In an SDN model, network services — such as load balancing – can be virtual applications that run on an SDN controller, which is decoupled from the data path and has global network visibility, thus ensuring that cloud application workloads are optimally handled by the network. This approach of virtualized network services in an SDN architecture provides service velocity, flexibility, scalability, and operational savings that are perfectly suited to the demands of cloud computing.

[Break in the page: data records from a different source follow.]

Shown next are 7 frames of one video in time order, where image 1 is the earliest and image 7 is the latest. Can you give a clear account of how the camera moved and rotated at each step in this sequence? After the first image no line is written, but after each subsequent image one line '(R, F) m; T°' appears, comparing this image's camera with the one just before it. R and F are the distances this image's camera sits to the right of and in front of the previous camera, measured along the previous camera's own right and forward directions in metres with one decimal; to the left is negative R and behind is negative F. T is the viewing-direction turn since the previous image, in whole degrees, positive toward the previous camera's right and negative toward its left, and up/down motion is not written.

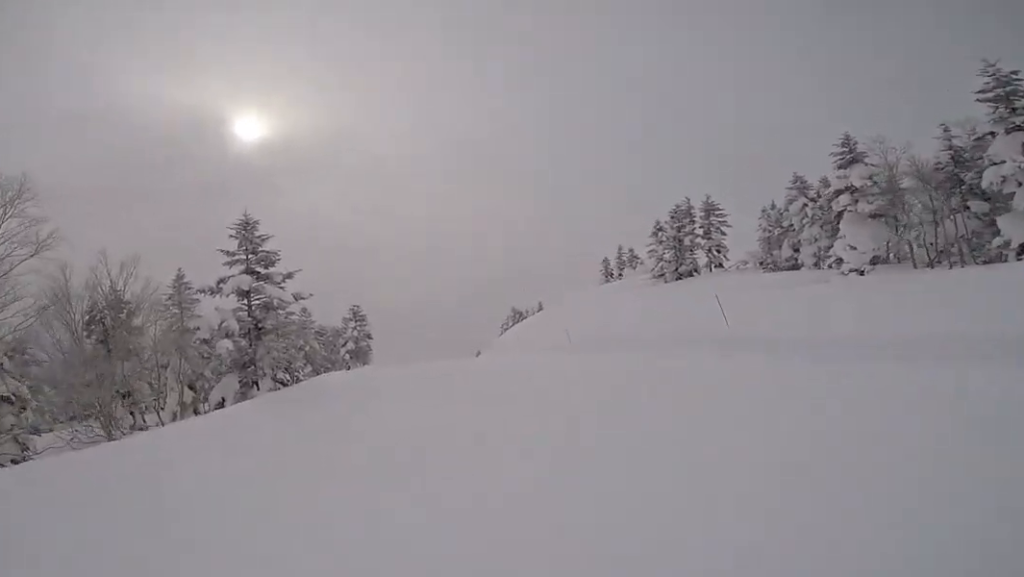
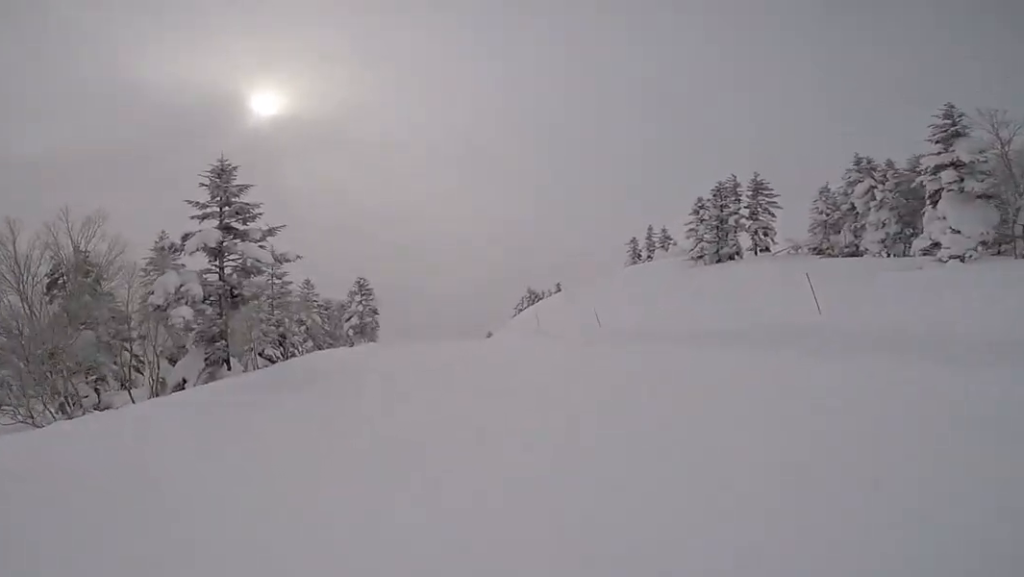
(-0.2, +3.2) m; 0°
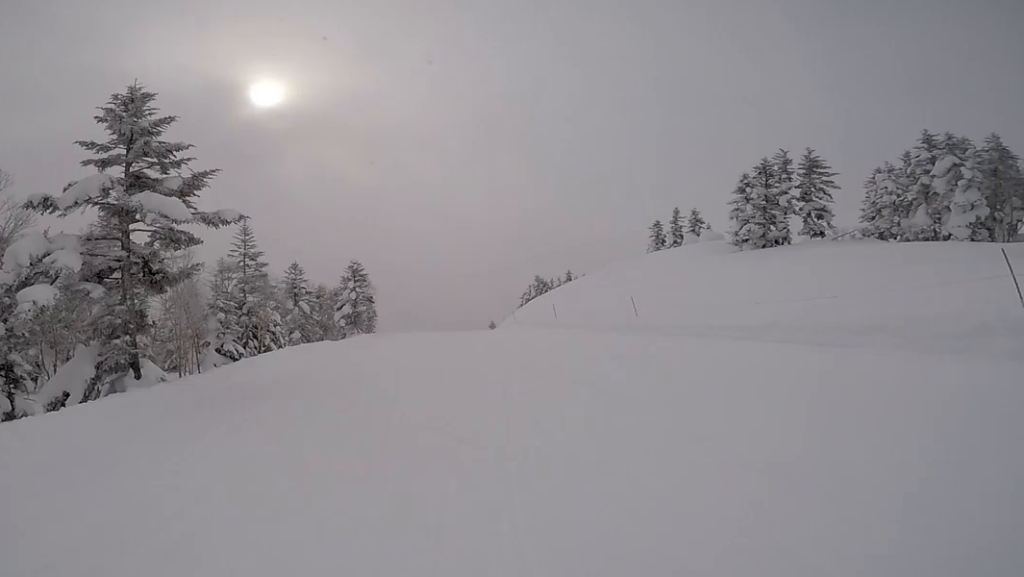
(+0.5, +4.3) m; -1°
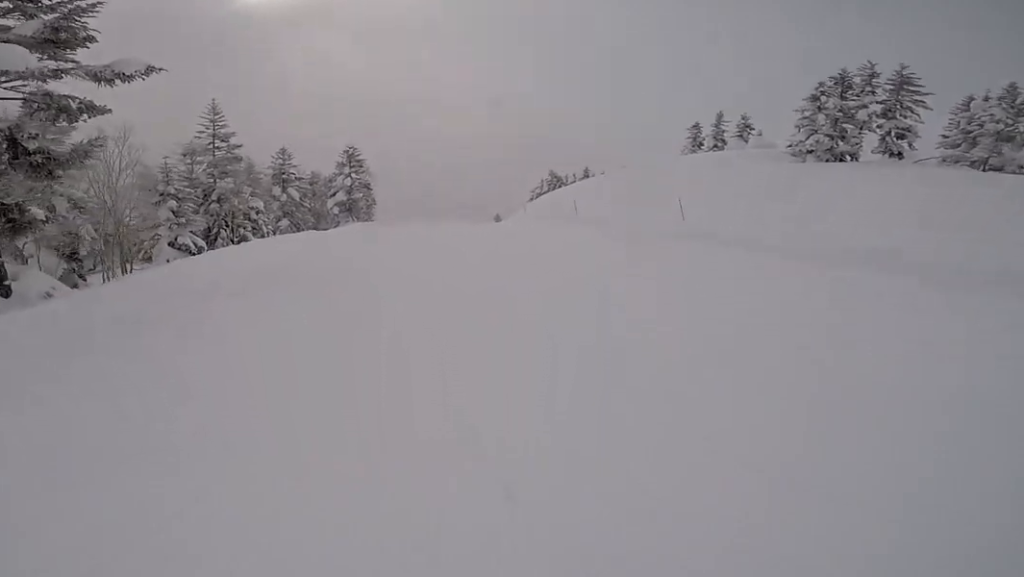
(+0.2, +3.1) m; 0°
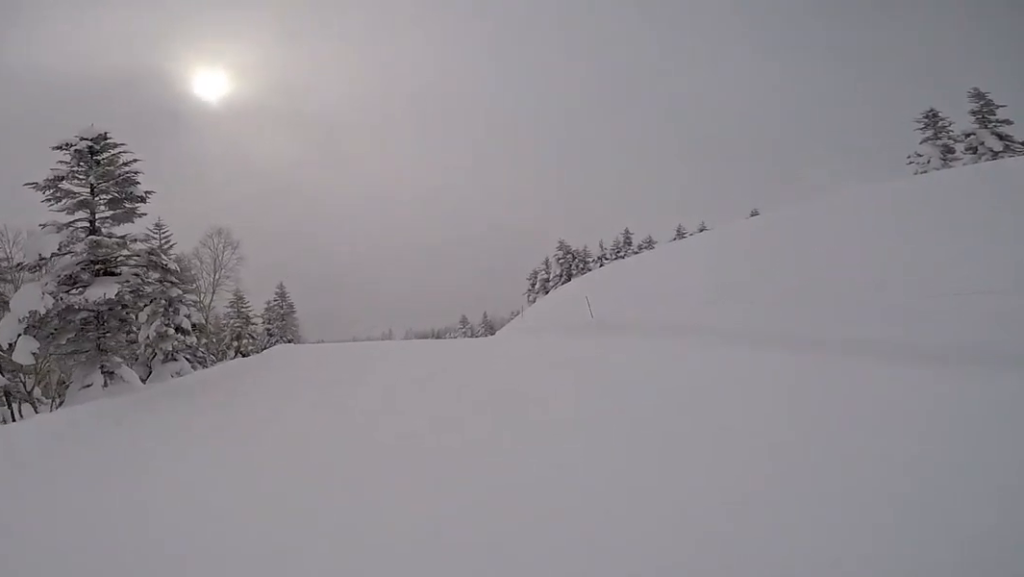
(+0.7, +26.5) m; 0°
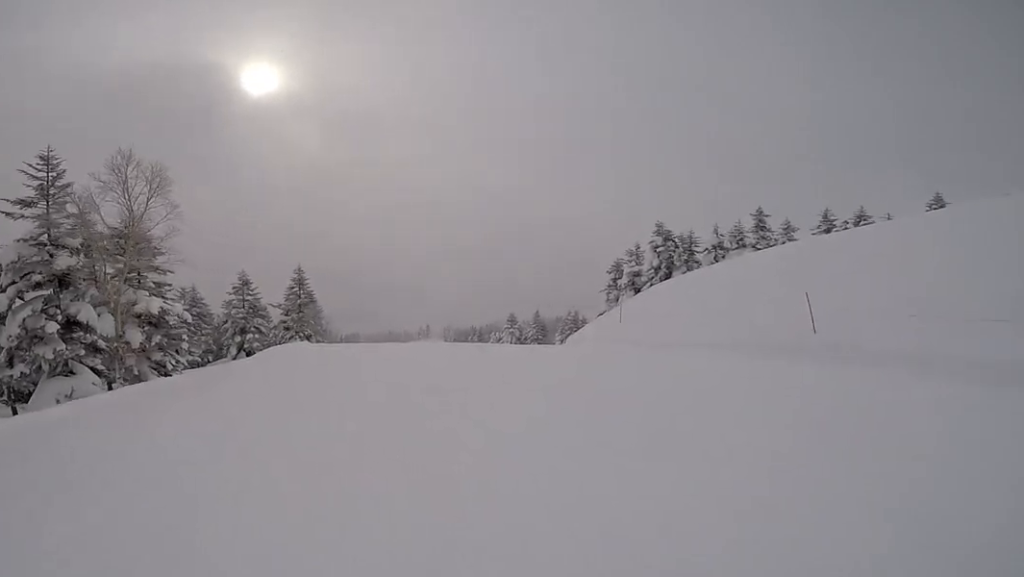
(+0.6, +9.0) m; 0°
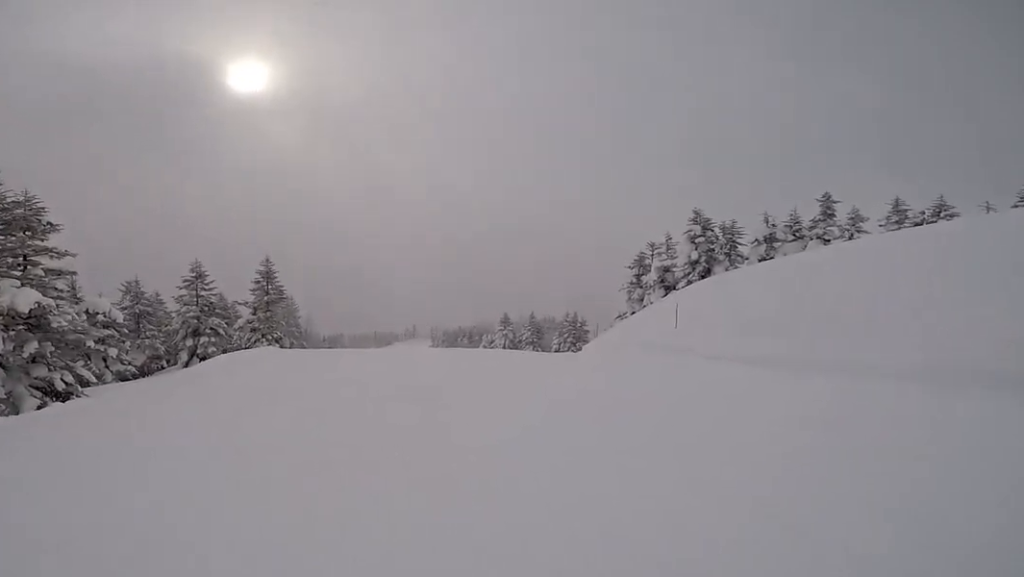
(-0.4, +5.8) m; 0°

By its very nature, software-defined networking (SDN) is about putting the applications in the driver’s seat, ensuring that the receive what they need from the underlying physical network, and from higher-layer network services, to operate at peak efficiency and to deliver business benefits. IDC defines SDN according to the following criteria:

  • Dynamic exchange between applications and the network
  • Delivering programmable
    interfaces to the network
  • Management abstraction
    of the topology
  • Separation of control and
    forwarding functions

Early in SDN’s development, much of the emphasis was placed on OpenFlow, an open protocol that facilitates decoupling of the control plane from the data plane, effectively allowing the forwarding table of a switch to be programmed by controller software resident on a server. While OpenFlow plays a valuable role in facilitating flow forwarding on a switch, not as much of the initial discussion focused on Layer 4-7 services.

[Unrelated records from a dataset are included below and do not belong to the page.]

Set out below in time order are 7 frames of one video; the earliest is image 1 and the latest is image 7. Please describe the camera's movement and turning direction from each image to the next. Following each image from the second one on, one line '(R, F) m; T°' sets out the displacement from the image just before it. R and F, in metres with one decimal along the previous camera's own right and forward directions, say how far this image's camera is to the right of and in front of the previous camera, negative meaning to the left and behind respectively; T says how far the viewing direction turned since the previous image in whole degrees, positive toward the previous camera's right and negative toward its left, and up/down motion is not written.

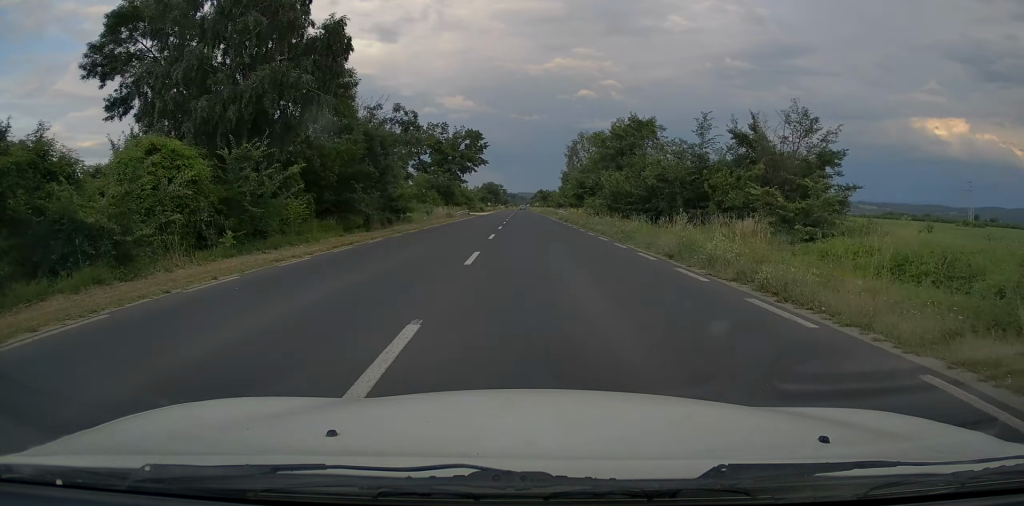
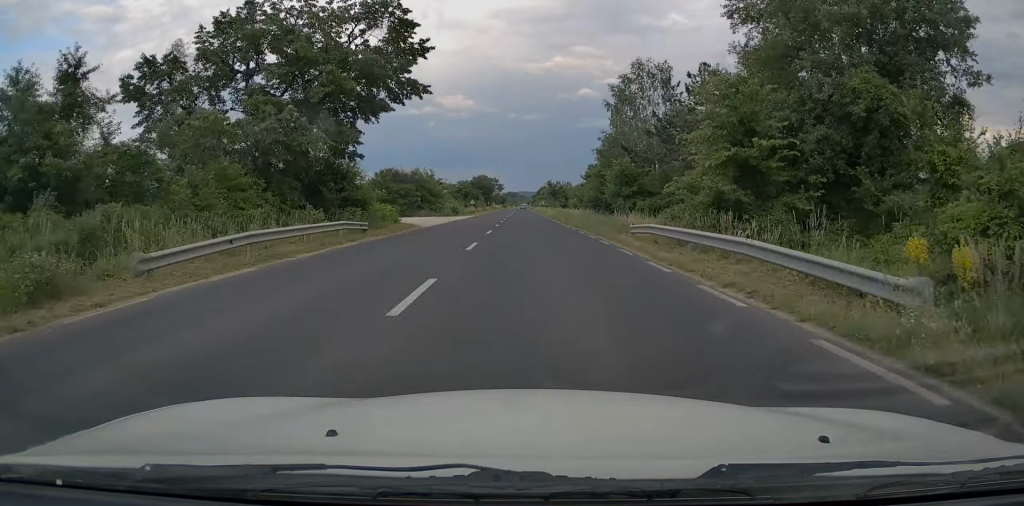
(-0.6, +50.2) m; -1°
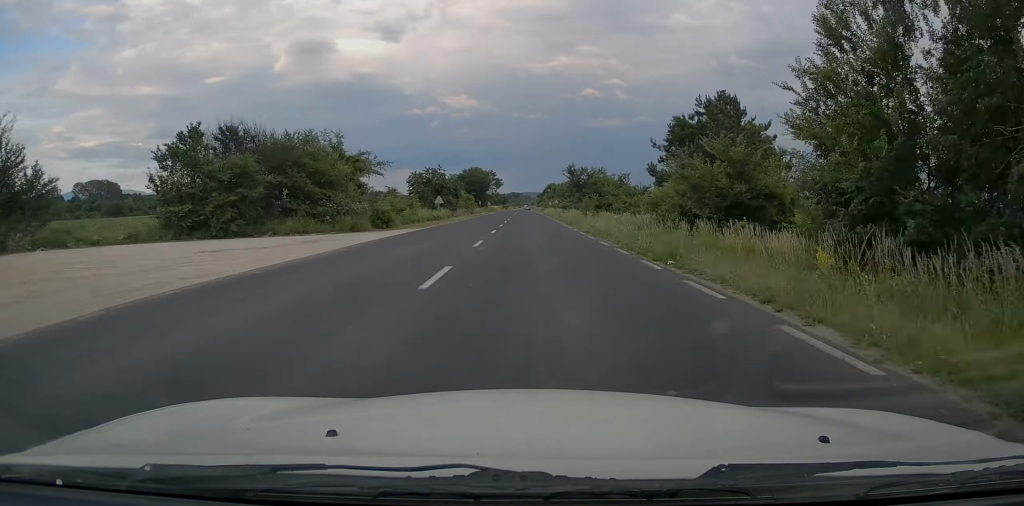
(+0.2, +42.6) m; 0°
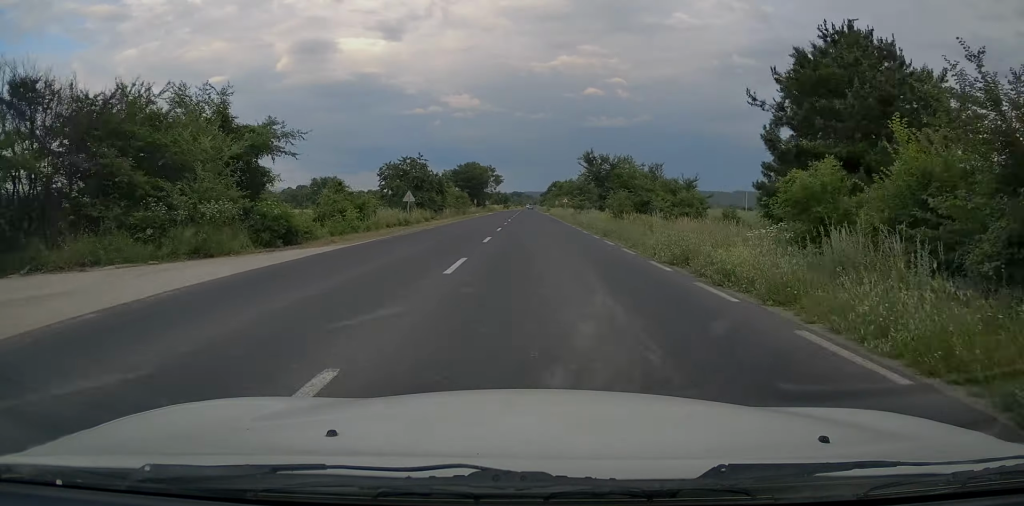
(0.0, +16.0) m; 0°
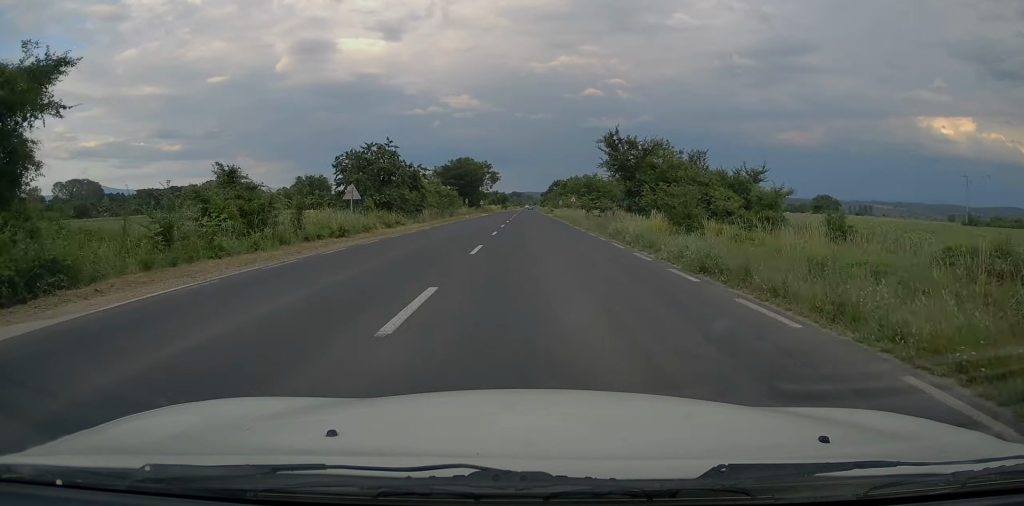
(+0.2, +13.7) m; 0°
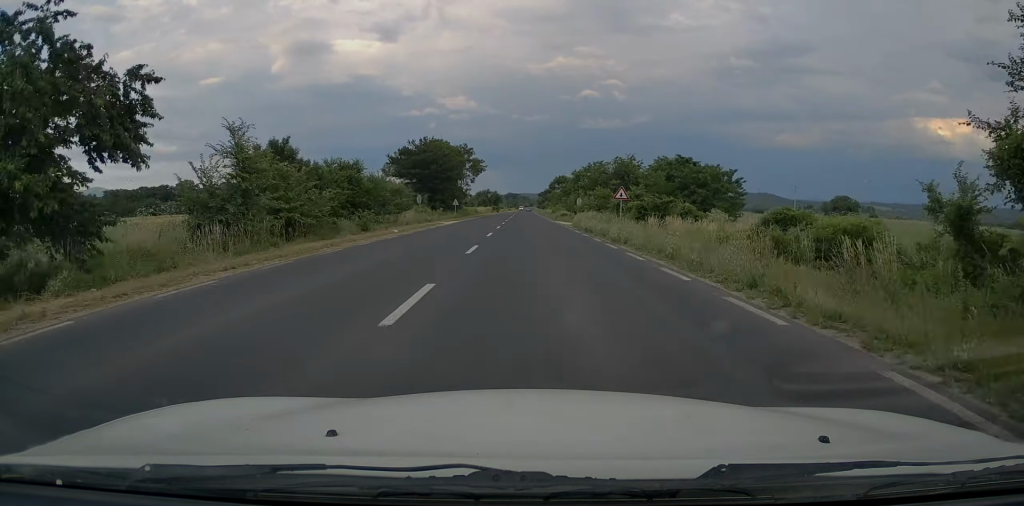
(-0.2, +35.3) m; 0°
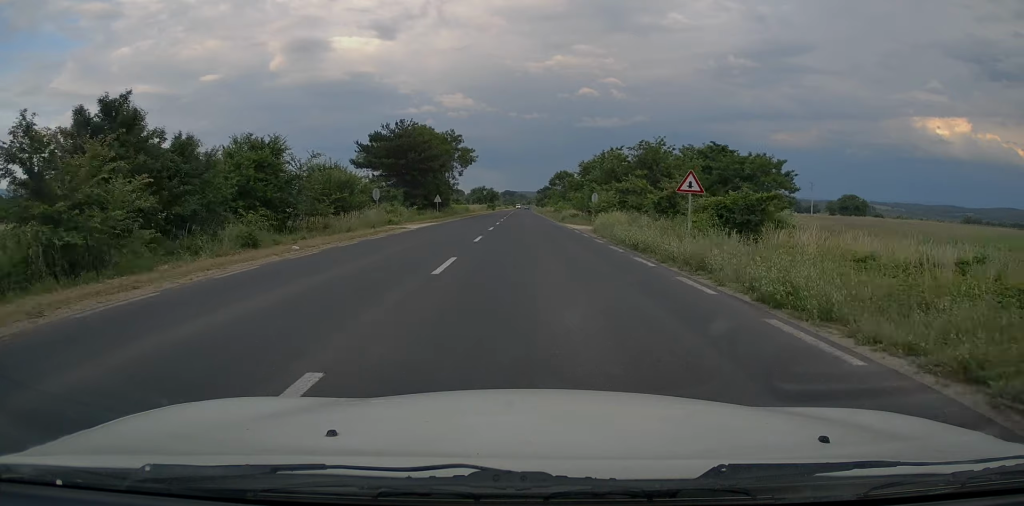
(+0.3, +13.6) m; 0°

Since then, however, the discourse has moved up the SDN stack, with increasing interest in how network and security services should be best delivered within an SDN architectural model. The application delivery controller (ADC), as an integral element between the applications and the underlying network infrastructure, clearly has an important and evolving role to play in SDN deployments.

Indeed, just as server virtualization led to the proliferation of cloud services, IDC expects the continued spread of virtualization, cloud computing, and now network virtualization to lead in 2013 to a significant increase in virtualized network and security services, including load balancers and firewalls. This will occur in datacenters spanning enterprises and service providers, and major vendors as well as start-up players will serve as prominent suppliers.

Customers, especially those adopting private and public cloud, will benefit from gains in the relative speed and simplicity of service provisioning, and vendors, including Radware, will be seeking to meet their requirements.